The solution: font-aware semantic editing
The only reliable approach is to treat font changes as a semantic operation, not a byte-level substitution.
That means:
- building a full model of what the page draws: every glyph, its position, its font, its encoding
- understanding which glyphs form words, which words form lines, which lines form paragraphs
- analyzing the font's metrics, encoding, and glyph coverage
- applying the font change in the semantic model (not in raw bytes)

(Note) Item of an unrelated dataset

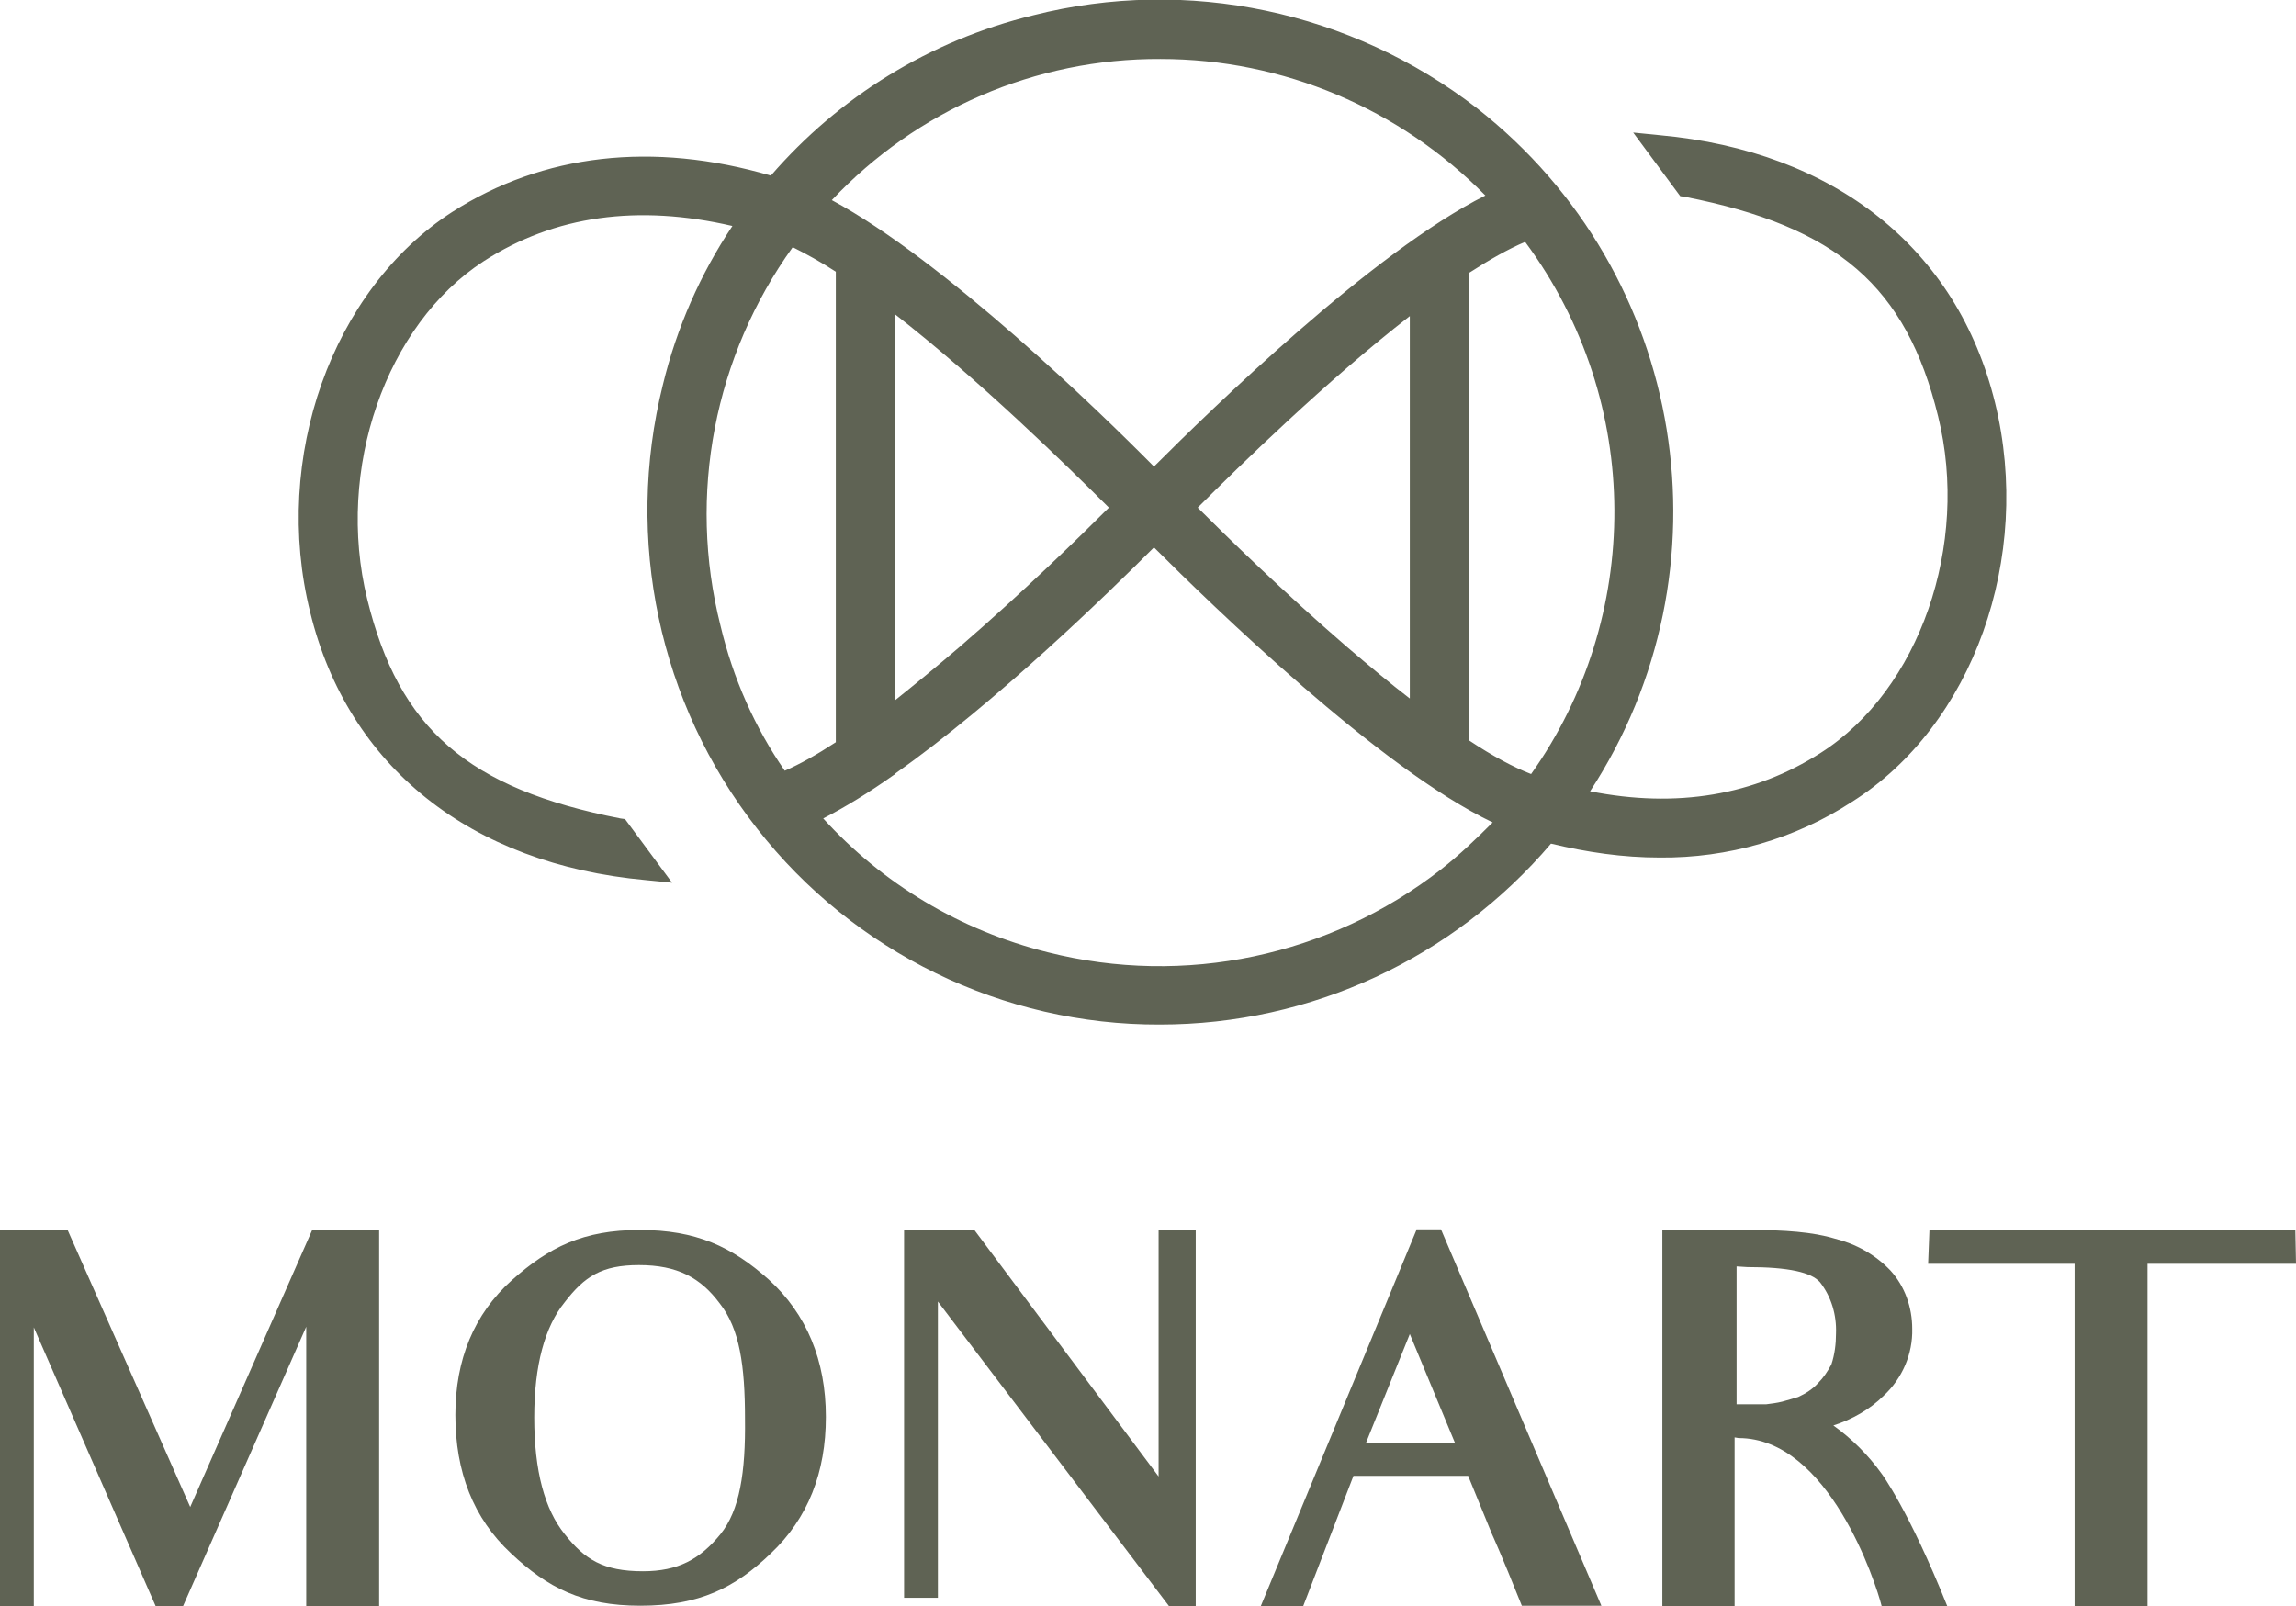 <?xml version="1.0" encoding="UTF-8"?> <svg xmlns="http://www.w3.org/2000/svg" xmlns:xlink="http://www.w3.org/1999/xlink" version="1.1" id="Group_160" x="0px" y="0px" viewBox="0 0 346.4 242.4" style="enable-background:new 0 0 346.4 242.4;" xml:space="preserve"> <style type="text/css"> .st0{fill:#5F6354;} </style> <polygon class="st0" points="28.7,227.4 10.2,185.6 0,185.6 0,242.4 5.1,242.4 5.1,200.3 23.5,242.4 27.6,242.4 46.2,200.2 46.2,242.4 57.2,242.4 57.2,185.6 47.1,185.6 "></polygon> <path class="st0" d="M116,193.1c-5.6-5-11-7.5-19.5-7.5c-8.5,0-13.7,2.6-19.3,7.6c-5.7,5.1-8.5,12-8.5,20.3c0,8.6,2.7,15.6,8.4,20.9 c5.5,5.2,10.8,7.9,19.5,7.9l0,0c8.9,0,14.3-2.7,19.7-7.9c5.6-5.3,8.3-12.2,8.3-20.6C124.6,205.3,121.7,198.3,116,193.1z M108.7,231.5c-3.1,3.8-6.4,5.6-11.7,5.6c-6,0-8.8-1.8-11.8-5.6c-3-3.7-4.6-9.5-4.6-17.6c0-7.9,1.6-13.7,4.6-17.4 c3-3.9,5.6-5.6,11.2-5.6l0,0c5.8,0,9.3,1.9,12.2,5.8c3,3.8,3.8,9.4,3.8,17.4C112.5,222.2,111.6,227.9,108.7,231.5z"></path> <polygon class="st0" points="174.8,222.8 147,185.6 136.4,185.6 136.4,241.1 141.5,241.1 141.5,196.4 176.4,242.4 180.4,242.4 180.4,185.6 174.8,185.6 "></polygon> <path class="st0" d="M213.7,185.6l-23.5,56.8h6.4l7.6-19.7h17.3l3.6,8.8c0,0,1.3,2.8,4.5,10.8l12,0l-24.2-56.8H213.7z M206.1,217.7 l6.6-16.4l6.8,16.4H206.1z"></path> <path class="st0" d="M283.9,222.4c-2-2.8-4.5-5.3-7.3-7.3c2.8-0.9,5.5-2.4,7.6-4.5c2.8-2.6,4.4-6.3,4.3-10.1c0-3.2-1.1-6.4-3.3-8.8 c-2.3-2.4-5.2-4-8.4-4.8c-3.3-1-7.6-1.3-12.7-1.3h-13.3v56.8h10.9v-25.5l0.6,0.1c13.6,0,20.7,21.8,21.6,25.4h9.9 C288,227.9,283.9,222.4,283.9,222.4L283.9,222.4z M274.3,208.7c-0.8,0.9-1.9,1.6-3,2.1c-0.7,0.2-1.6,0.5-2.4,0.7 c-0.8,0.2-1.6,0.3-2.4,0.4h-4.5v-20.8l1.6,0.1l0,0c6.3,0,9.7,0.8,11,2.3c1.7,2.2,2.5,4.9,2.4,7.7c0,1.6-0.2,3.2-0.7,4.7 C275.7,207,275.1,207.9,274.3,208.7z"></path> <polygon class="st0" points="346.3,185.6 291.1,185.6 290.9,190.7 313,190.7 313,242.4 324,242.4 324,190.7 331.1,190.7 346.4,190.7 "></polygon> <path class="st0" d="M301,60.8c-5.7-23.3-24.2-38-50.6-40.4l-4-0.4l7.1,9.6l0.7,0.1c23,4.5,33.4,13.5,38.2,33.1 c4.8,19.4-2.8,41.3-17.7,50.8c-10,6.4-21.7,8.4-34.8,5.8c21.7-33.2,14.8-78.1-17.1-103.1C203.9,1.7,179.2-3.6,155.9,2.3 c-15.7,3.8-29.4,12.4-39.6,24.2c-17.8-5.2-34.4-3.3-48.1,5.5C50.1,43.7,41,69.1,46.8,92.4c5.7,23.3,24.2,38,50.6,40.4l4,0.4 l-7.1-9.6l-0.7-0.1c-23-4.5-33.4-13.5-38.2-33.1C50.6,70.8,58.2,49,73,39.4c10.7-6.9,23.3-8.6,37.5-5.3c-4.8,7.2-8.4,15.3-10.5,24 c-5.8,23.3-0.6,48,14.2,66.9c14.6,18.7,37.1,29.7,60.8,29.6v0c22.8,0,44.3-10,59-27.3c5.4,1.3,10.8,2.1,16.4,2.1 c10.3,0.1,20.4-2.8,29-8.4C297.7,109.5,306.7,84.1,301,60.8z M175.1,8.9L175.1,8.9c18.5,0,36.1,7.5,49,20.6 c-17,8.5-41.5,32.4-50,40.9c-8.2-8.3-31.7-31.1-48.6-40.2C138.3,16.6,156.2,8.8,175.1,8.9z M212.7,47.7v57.7c-3-2.3-6.1-4.9-9.5-7.8 c-9.5-8.2-18.2-16.7-22.5-21C187,70.3,200.2,57.4,212.7,47.7z M167.3,76.6c-4.3,4.3-13,12.8-22.5,21c-3.5,3-6.8,5.7-9.8,8.1V47.4 C147.6,57.2,161,70.3,167.3,76.6z M118.4,116.3c-4.5-6.5-7.8-13.9-9.7-21.9c-5-19.8-0.9-40.7,10.9-57.1c2,1,4.2,2.2,6.5,3.7v71 C123.2,113.9,120.7,115.3,118.4,116.3z M217.4,131.2c-16.8,13.1-38.7,17.7-59.3,12.5c-13.3-3.3-25-10.4-33.9-20.2 c3.3-1.7,6.9-3.9,10.7-6.6h0.2v-0.2c15.2-10.7,32.2-27.3,39-34.1c8.7,8.7,34.1,33.4,51.1,41.5C222.7,126.6,220.2,129,217.4,131.2z M231,116.8c-2.6-1-5.8-2.7-9.4-5.1V41.2c3.1-2,5.9-3.6,8.5-4.7C248.1,60.8,247.7,93.3,231,116.8z"></path> </svg>

- re-laying out the affected text with the new font's metrics, kerning, and width tables
- re-encoding back to the content stream with correct glyph codes, widths, and positioning
- writing correct metadata: font descriptors, width arrays, ToUnicode, subset
This is fundamentally different from "find bytes, swap bytes." It requires understanding both the source font and the target font deeply enough to translate between them while preserving visual fidelity.
Try it
I built PDFDancer to handle fonts properly — understanding the full encoding chain, managing subsets, recalculating metrics, and preserving layout when fonts change.
You can try it with the free tier — no credit card required.
Fonts in PDF are hard because the format was designed to draw text, not to describe it. Every font is its own little world of encodings, metrics, and glyph mappings. The moment you need to change anything, you are translating between worlds. The only question is whether your tool understands that or pretends it is simpler than it is.